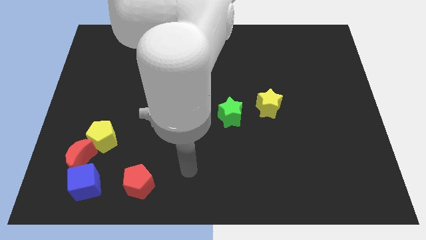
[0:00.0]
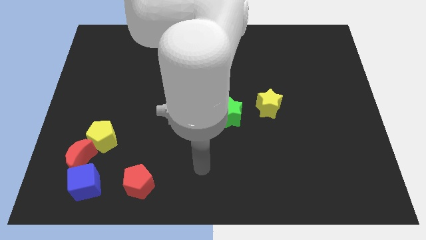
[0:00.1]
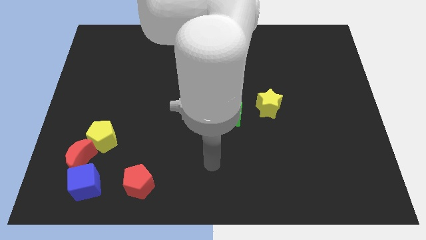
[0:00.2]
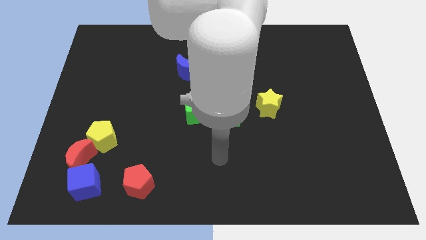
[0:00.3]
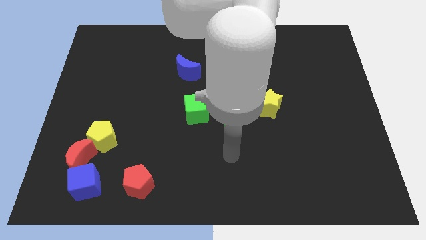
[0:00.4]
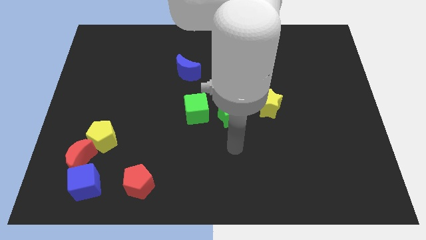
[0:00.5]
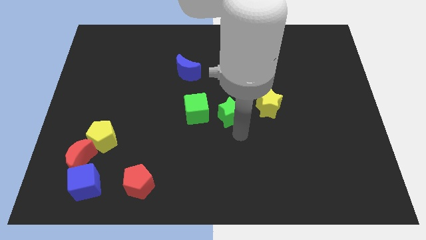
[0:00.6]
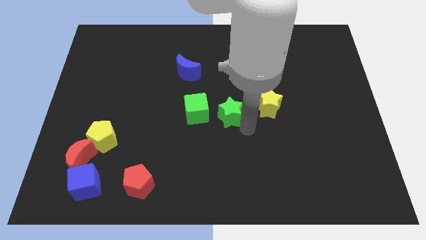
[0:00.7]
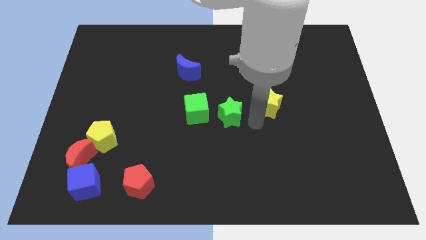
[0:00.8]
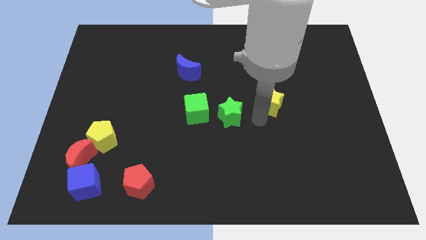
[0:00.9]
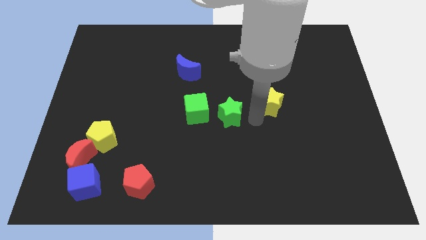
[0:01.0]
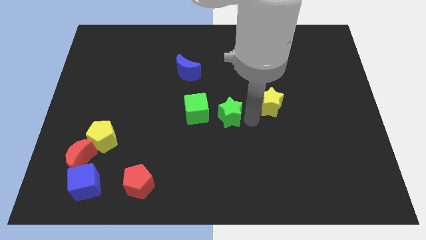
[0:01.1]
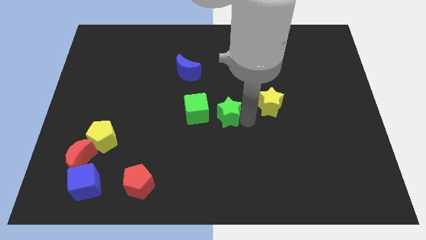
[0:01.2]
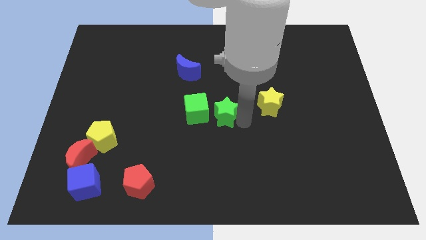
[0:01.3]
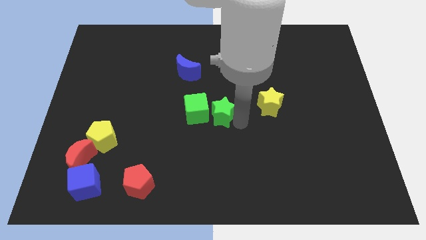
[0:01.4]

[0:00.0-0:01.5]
move the green star next to the green cube

> _Aim of the exercise_:
Output, word for word, the full listing above, with no pictures.

> _Answer box_:
[0:00.0]
[0:00.1]
[0:00.2]
[0:00.3]
[0:00.4]
[0:00.5]
[0:00.6]
[0:00.7]
[0:00.8]
[0:00.9]
[0:01.0]
[0:01.1]
[0:01.2]
[0:01.3]
[0:01.4]

[0:00.0-0:01.5]
move the green star next to the green cube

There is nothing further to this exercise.